--- BRIEF ---
Only the lines from the top of the listing below through the line containing "tree height: > 5 m" should be output, exactly and with no pictures.

--- RECORDS SUPPLIED ---
--------

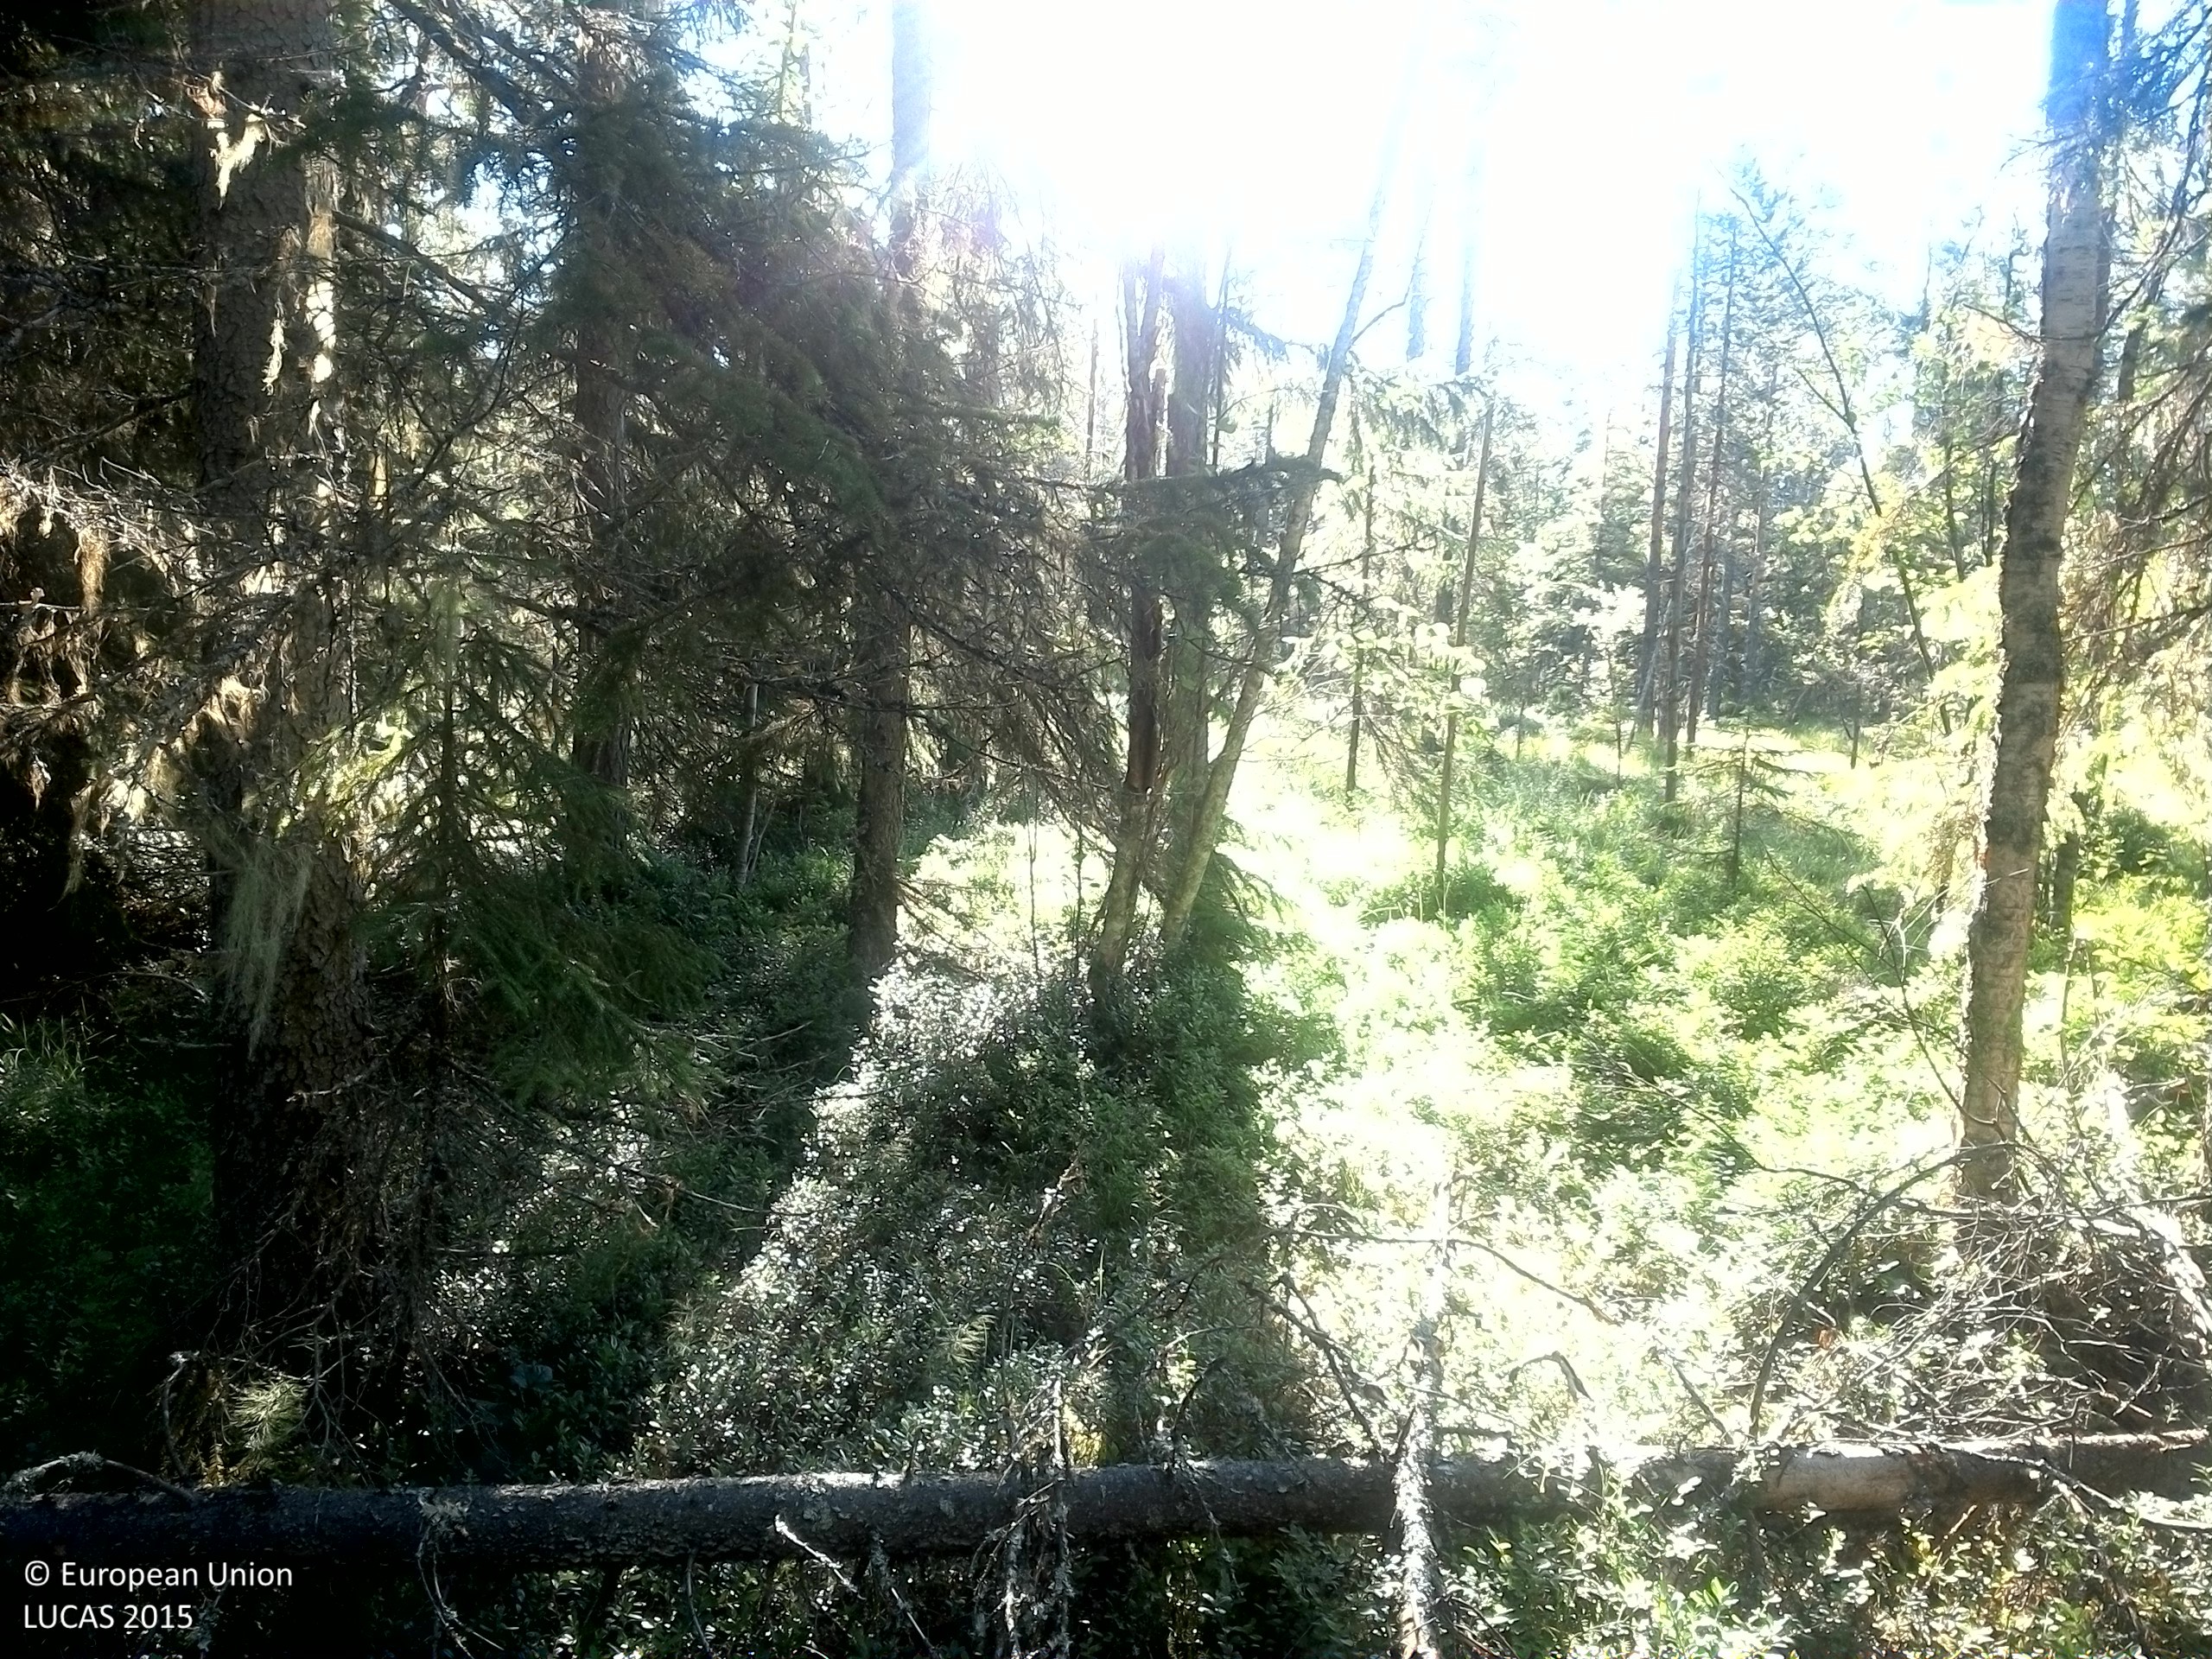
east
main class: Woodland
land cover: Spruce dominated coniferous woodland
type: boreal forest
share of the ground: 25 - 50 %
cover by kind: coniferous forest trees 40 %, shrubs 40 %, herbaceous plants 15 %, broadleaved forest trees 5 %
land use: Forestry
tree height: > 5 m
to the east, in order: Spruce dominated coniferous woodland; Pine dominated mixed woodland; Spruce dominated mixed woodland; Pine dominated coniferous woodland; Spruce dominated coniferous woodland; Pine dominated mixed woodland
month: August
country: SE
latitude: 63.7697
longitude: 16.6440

--------

--- ANSWER TO THE PROBLEM ---
east
main class: Woodland
land cover: Spruce dominated coniferous woodland
type: boreal forest
share of the ground: 25 - 50 %
cover by kind: coniferous forest trees 40 %, shrubs 40 %, herbaceous plants 15 %, broadleaved forest trees 5 %
land use: Forestry
tree height: > 5 m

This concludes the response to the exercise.